Speaking Images
September 11 – November 16, 2019Moving images are the principal medium of the present. Videos, films, 3D animations, virtual worlds are also the defining formats of contemporary art. The political dimensions of our own lives, social challenges, cruelties ancient and recent, the great questions of who we are and who we might yet be—all these manifest themselves with unrivaled lucidity on the screens and monitors that are the visual signature of this time of wrenching changes.
But moving images do not just show—they also speak. It hardly needs to be said that films are essentially works of auditory art as well; everyone knows that, from documentaries to computer games, spoken and written words are virtually indispensable components of the sound and video tracks. Still, there are moving—and deeply moving—works of art that give far greater weight to the word, the sentence, the narrative than is customary practice in the various filmic genres; works in which language is at the heart of the action and a genuine material of art. The phrase "moving images" does not do these works justice: they are speaking images. Images of language and writing in motion, addressed to the ear or presented to the reading eye.
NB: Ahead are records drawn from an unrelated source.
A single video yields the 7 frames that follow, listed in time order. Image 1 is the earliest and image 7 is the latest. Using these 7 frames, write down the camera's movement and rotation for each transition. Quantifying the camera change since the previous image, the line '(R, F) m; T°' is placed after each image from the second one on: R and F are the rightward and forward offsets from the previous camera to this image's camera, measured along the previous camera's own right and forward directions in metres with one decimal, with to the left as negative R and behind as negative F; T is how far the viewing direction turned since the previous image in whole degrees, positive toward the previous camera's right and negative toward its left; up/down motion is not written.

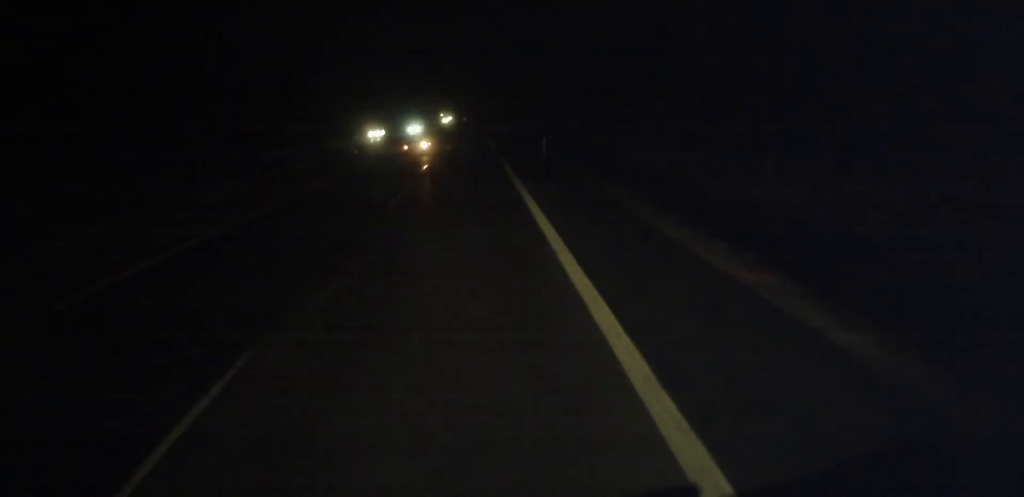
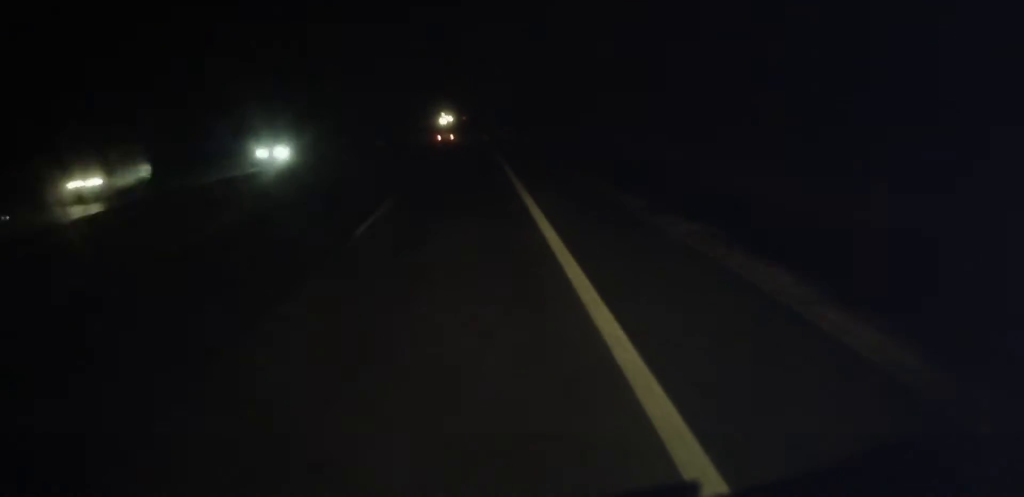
(0.0, +40.9) m; 0°
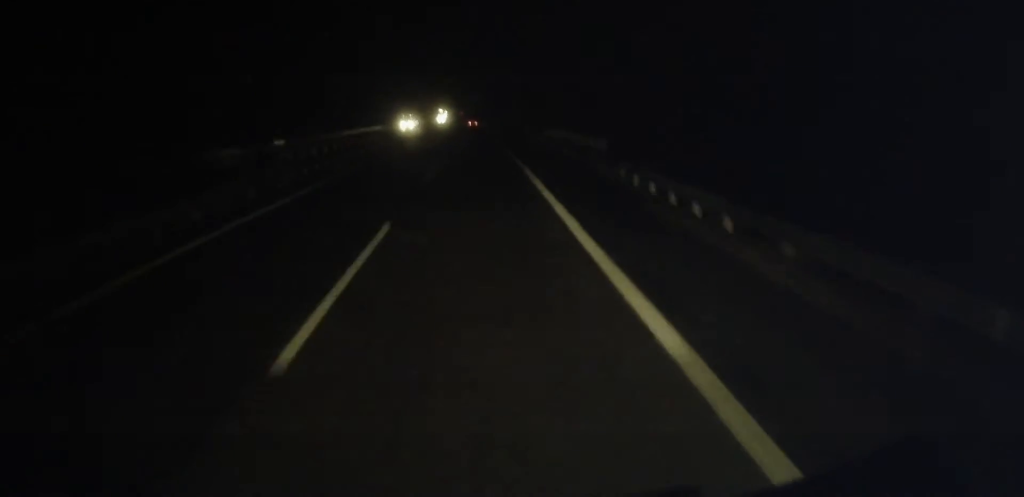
(-0.4, +135.1) m; 0°
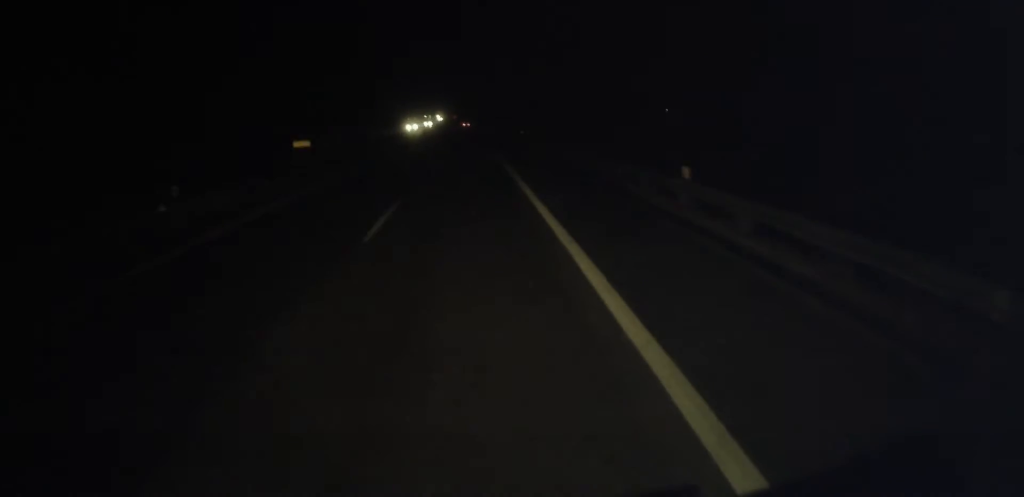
(0.0, +103.4) m; 0°
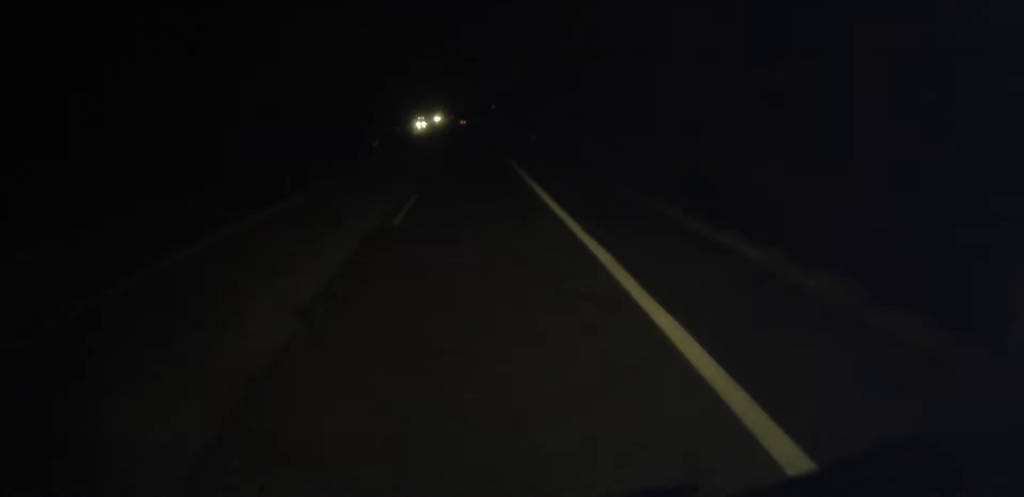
(-1.7, +162.4) m; -1°
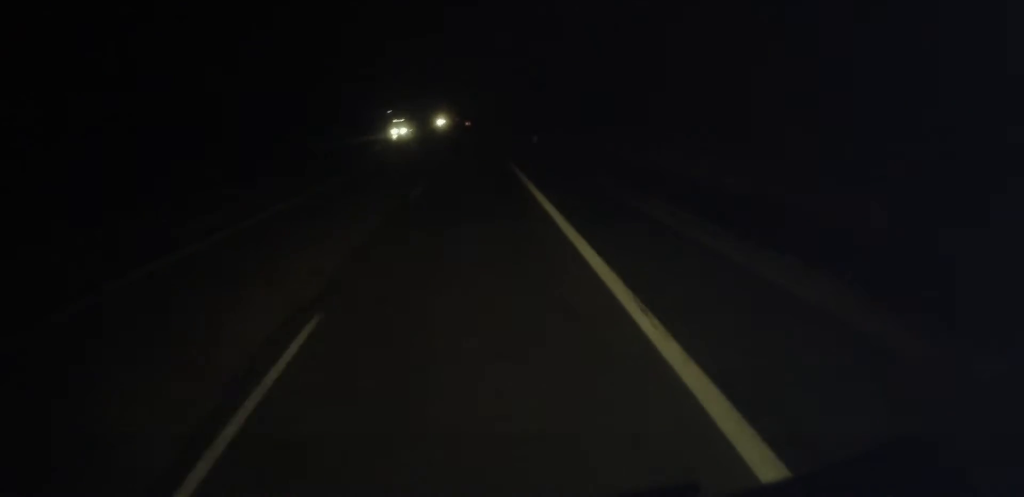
(+0.1, +49.8) m; 0°
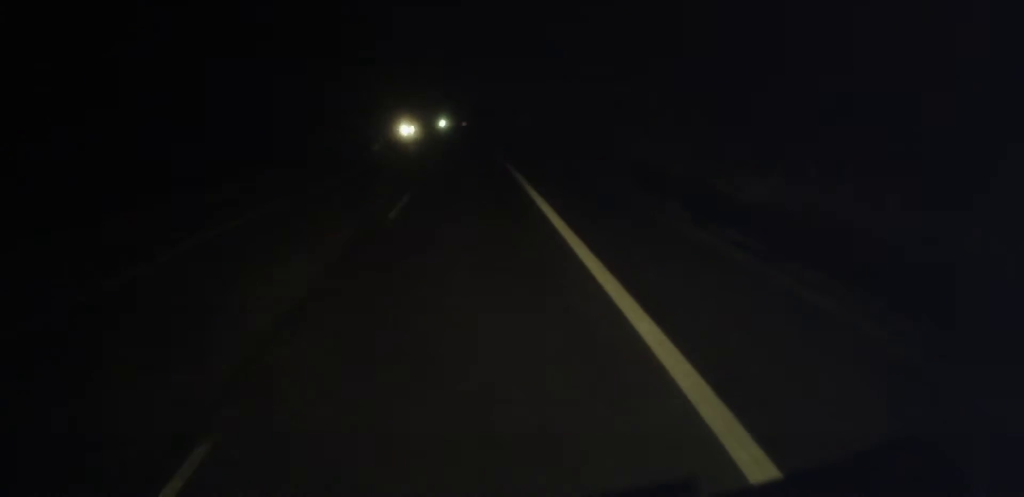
(-0.7, +149.2) m; -1°

This emphasis is not in contradiction with the visual quality that is no less characteristic of speaking images. Yet a disconnect often runs between image and language, a rift, and this gap is where the work's true space comes into being, a space that we confront and that needs us to give it substance. It is a fertile space, and the imaginings and speculations, the knowledge and ignorance it engenders merit a dedicated consideration. Proposing to survey this space, the exhibition comes at a time when both images and words are too often and indiscriminately taken at face value; when the political conversation tends to pin them down on a single message, a single meaning, that can never be theirs.
For this first presentation of works from the collection, Fluentum asked the Berlin-based gallerists and curators Alexander Koch and Nikolaus Oberhuber to compile a thematically focused selection. Titled Speaking Images, the exhibition they put together presents a dense and tightly organized sequence of works, in which language and text play a prominent role. It encourages the visitors to immerse themselves in the art and does not shy away from audiovisual clashes between works.
Featuring Patty Chang, Frank Heath, Hiwa K, Adelita Husni-Bey, Sven Johne, Ferhat Özgür, Stefan Panhans, Martin Skauen, Hito Steyerl, Vibeke Tandberg, Ignacio Uriarte, and Katarina Zdjelar.